=== Problem to work on ===
Using the entries that follow, please report how many lines contain the word "task", with no other words.
START Data for review
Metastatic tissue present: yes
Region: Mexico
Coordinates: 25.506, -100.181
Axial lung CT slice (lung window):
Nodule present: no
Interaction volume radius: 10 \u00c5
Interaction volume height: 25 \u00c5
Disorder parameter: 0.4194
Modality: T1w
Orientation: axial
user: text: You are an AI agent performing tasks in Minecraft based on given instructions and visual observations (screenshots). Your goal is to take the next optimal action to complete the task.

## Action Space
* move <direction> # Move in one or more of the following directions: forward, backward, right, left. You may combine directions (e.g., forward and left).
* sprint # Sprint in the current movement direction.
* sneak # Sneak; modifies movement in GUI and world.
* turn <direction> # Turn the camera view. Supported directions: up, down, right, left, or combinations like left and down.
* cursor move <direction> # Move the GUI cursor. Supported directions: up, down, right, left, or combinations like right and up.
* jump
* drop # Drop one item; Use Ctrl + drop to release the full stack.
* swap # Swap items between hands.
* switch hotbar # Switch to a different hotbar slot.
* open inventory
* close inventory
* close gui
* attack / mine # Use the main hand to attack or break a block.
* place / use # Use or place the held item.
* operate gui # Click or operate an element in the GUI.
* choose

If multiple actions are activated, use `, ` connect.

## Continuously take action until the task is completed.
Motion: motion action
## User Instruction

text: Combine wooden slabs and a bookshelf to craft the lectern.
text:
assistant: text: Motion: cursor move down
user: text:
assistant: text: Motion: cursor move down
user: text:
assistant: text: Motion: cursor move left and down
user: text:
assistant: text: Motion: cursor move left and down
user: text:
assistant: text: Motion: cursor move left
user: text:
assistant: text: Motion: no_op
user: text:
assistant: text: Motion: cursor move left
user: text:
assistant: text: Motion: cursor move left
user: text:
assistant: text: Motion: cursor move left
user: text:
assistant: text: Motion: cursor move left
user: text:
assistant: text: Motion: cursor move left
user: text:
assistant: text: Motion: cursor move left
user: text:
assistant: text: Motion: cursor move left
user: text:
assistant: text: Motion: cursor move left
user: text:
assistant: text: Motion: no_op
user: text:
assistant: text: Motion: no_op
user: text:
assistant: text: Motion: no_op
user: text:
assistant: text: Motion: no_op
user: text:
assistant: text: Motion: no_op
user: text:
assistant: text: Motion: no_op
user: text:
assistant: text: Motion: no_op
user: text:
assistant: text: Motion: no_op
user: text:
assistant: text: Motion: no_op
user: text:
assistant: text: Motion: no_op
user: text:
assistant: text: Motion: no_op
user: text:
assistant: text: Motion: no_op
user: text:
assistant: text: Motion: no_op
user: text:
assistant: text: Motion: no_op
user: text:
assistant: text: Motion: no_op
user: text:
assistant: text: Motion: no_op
END Data for review
=== Your response ===
2